§ **Records from a dataset**:
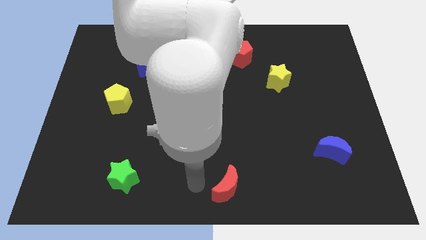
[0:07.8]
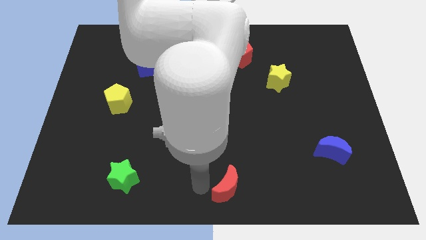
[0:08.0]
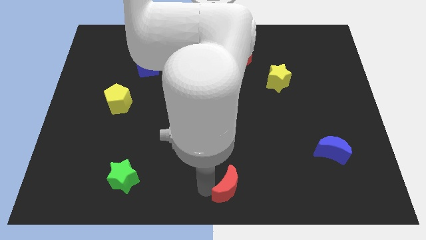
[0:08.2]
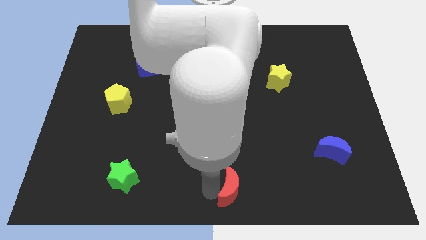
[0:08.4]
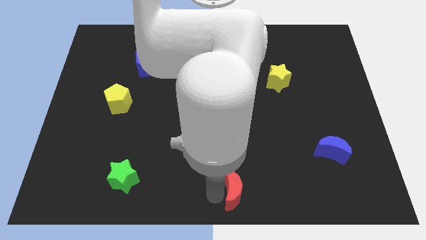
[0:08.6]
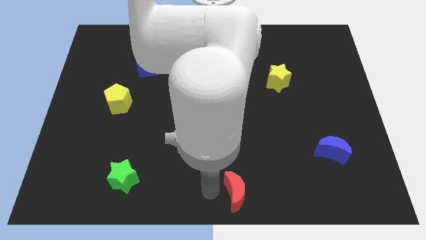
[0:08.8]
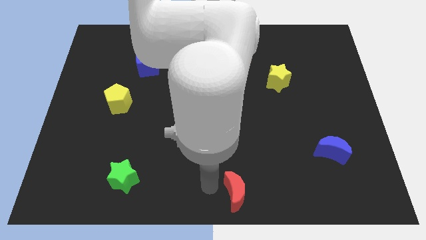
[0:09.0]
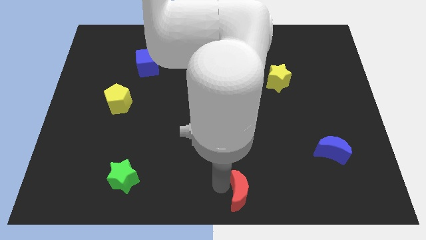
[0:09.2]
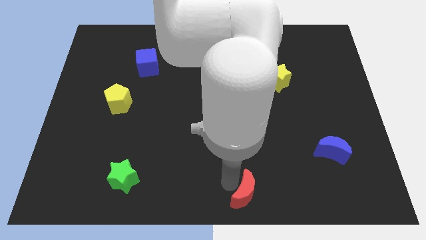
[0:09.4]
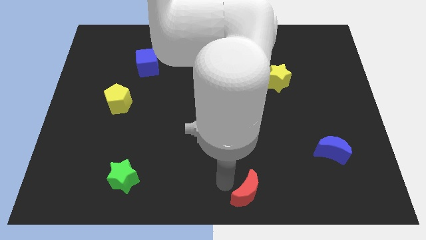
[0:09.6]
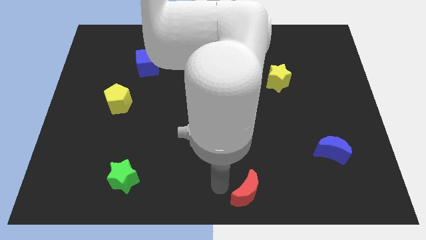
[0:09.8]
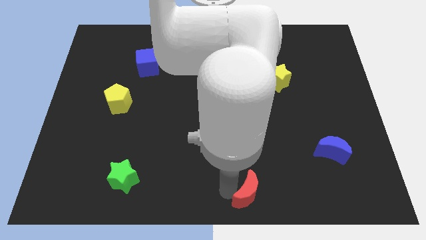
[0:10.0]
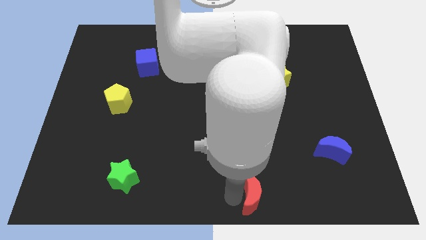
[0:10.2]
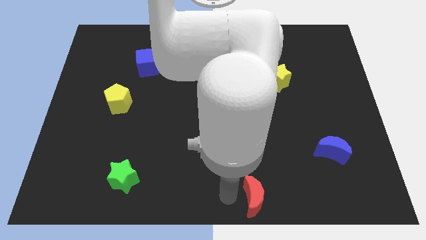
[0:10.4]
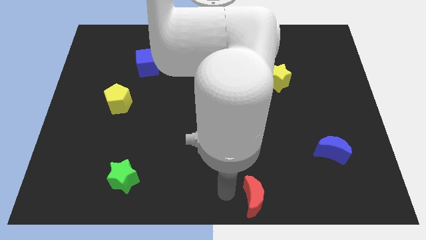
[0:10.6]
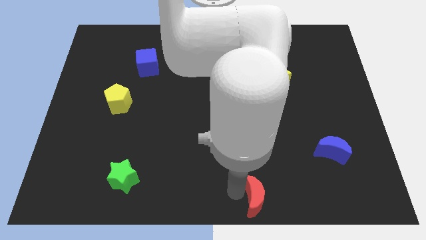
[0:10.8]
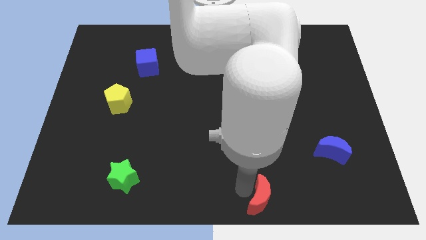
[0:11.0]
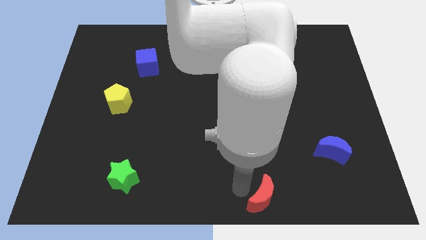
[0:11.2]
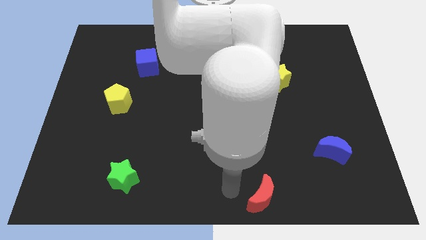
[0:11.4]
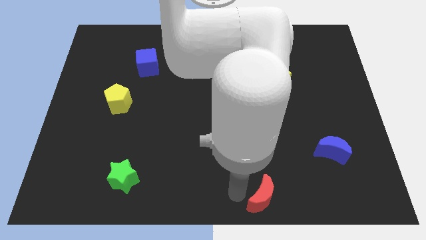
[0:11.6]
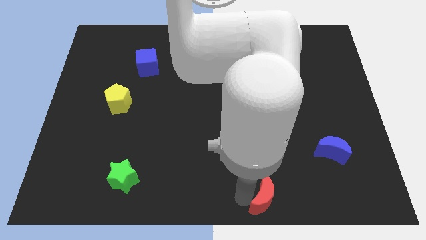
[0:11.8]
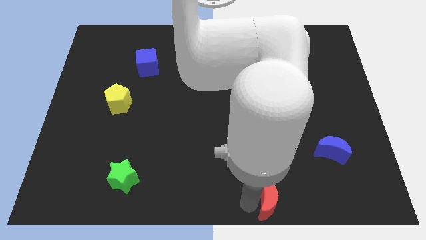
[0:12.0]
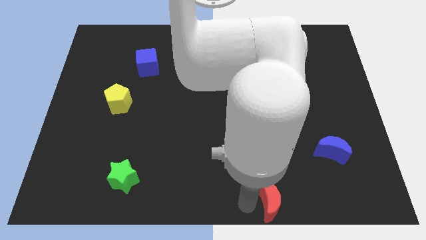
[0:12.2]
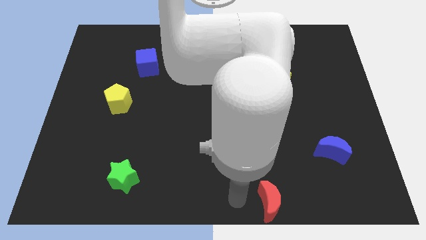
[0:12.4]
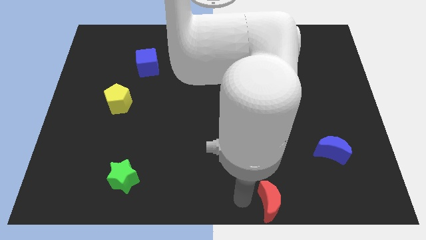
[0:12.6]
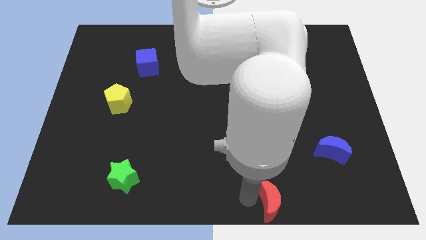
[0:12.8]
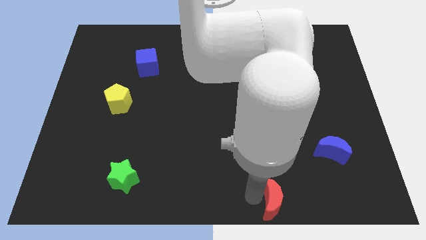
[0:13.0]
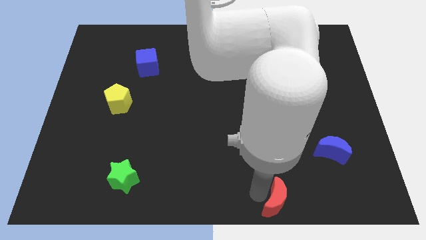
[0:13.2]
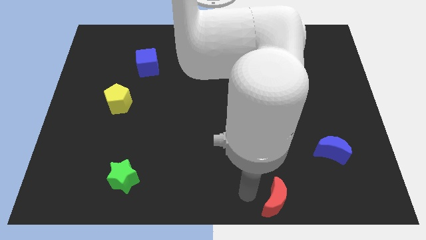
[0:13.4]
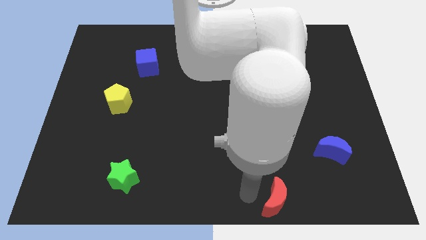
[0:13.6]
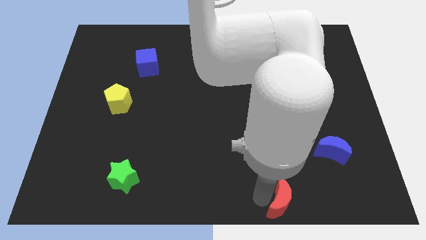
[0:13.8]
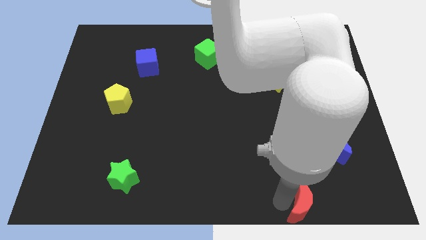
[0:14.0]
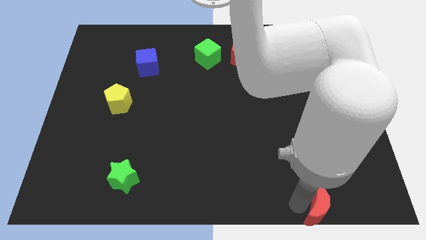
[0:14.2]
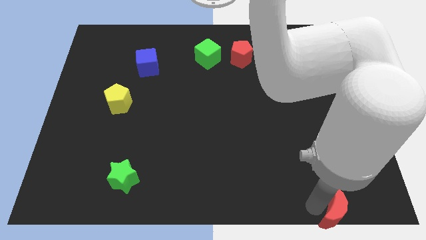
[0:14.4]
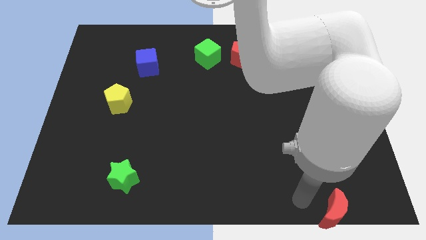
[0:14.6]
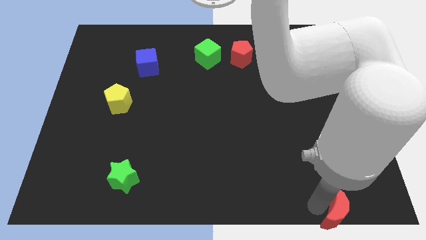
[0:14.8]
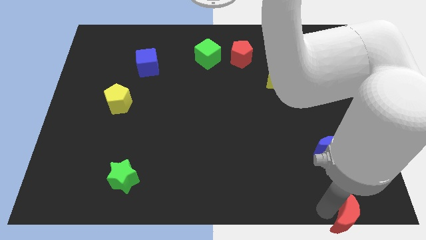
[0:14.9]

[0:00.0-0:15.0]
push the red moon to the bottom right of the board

§ **Work to complete**: Could you restate every record above word for word, dropping the pictures?

§ **Completed task**:
[0:07.8]
[0:08.0]
[0:08.2]
[0:08.4]
[0:08.6]
[0:08.8]
[0:09.0]
[0:09.2]
[0:09.4]
[0:09.6]
[0:09.8]
[0:10.0]
[0:10.2]
[0:10.4]
[0:10.6]
[0:10.8]
[0:11.0]
[0:11.2]
[0:11.4]
[0:11.6]
[0:11.8]
[0:12.0]
[0:12.2]
[0:12.4]
[0:12.6]
[0:12.8]
[0:13.0]
[0:13.2]
[0:13.4]
[0:13.6]
[0:13.8]
[0:14.0]
[0:14.2]
[0:14.4]
[0:14.6]
[0:14.8]
[0:14.9]

[0:00.0-0:15.0]
push the red moon to the bottom right of the board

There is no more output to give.